What are the lines of the listing below, word for word, from the first down to the one that contains "share of the ground: < 10 %"?
------------------------------------------------
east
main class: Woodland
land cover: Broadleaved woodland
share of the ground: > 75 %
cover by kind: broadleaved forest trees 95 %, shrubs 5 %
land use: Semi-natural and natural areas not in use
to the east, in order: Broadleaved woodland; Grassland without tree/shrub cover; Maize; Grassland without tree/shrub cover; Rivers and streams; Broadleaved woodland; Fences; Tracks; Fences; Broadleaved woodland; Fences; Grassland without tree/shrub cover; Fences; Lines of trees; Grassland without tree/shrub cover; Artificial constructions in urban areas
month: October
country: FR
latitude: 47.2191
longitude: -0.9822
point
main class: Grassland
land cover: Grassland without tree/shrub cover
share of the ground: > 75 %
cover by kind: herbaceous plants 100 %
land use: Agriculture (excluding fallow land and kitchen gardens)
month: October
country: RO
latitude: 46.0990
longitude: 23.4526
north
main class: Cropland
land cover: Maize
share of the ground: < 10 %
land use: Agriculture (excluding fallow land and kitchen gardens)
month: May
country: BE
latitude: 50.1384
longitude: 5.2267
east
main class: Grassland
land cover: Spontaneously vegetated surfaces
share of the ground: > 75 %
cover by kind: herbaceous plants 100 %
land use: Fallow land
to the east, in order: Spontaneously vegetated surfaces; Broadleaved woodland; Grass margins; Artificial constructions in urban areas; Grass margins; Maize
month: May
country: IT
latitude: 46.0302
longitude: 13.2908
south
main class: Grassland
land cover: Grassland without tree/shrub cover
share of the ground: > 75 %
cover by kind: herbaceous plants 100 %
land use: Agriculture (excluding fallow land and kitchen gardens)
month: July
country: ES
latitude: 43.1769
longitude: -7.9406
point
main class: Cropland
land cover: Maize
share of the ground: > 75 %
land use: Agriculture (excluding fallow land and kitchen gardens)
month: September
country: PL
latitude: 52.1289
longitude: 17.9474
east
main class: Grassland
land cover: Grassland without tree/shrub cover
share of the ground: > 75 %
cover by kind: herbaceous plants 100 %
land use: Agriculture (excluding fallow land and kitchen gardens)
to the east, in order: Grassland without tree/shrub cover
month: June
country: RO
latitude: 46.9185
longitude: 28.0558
------------------------------------------------
## [ANSWER SPACE]
east
main class: Woodland
land cover: Broadleaved woodland
share of the ground: > 75 %
cover by kind: broadleaved forest trees 95 %, shrubs 5 %
land use: Semi-natural and natural areas not in use
to the east, in order: Broadleaved woodland; Grassland without tree/shrub cover; Maize; Grassland without tree/shrub cover; Rivers and streams; Broadleaved woodland; Fences; Tracks; Fences; Broadleaved woodland; Fences; Grassland without tree/shrub cover; Fences; Lines of trees; Grassland without tree/shrub cover; Artificial constructions in urban areas
month: October
country: FR
latitude: 47.2191
longitude: -0.9822
point
main class: Grassland
land cover: Grassland without tree/shrub cover
share of the ground: > 75 %
cover by kind: herbaceous plants 100 %
land use: Agriculture (excluding fallow land and kitchen gardens)
month: October
country: RO
latitude: 46.0990
longitude: 23.4526
north
main class: Cropland
land cover: Maize
share of the ground: < 10 %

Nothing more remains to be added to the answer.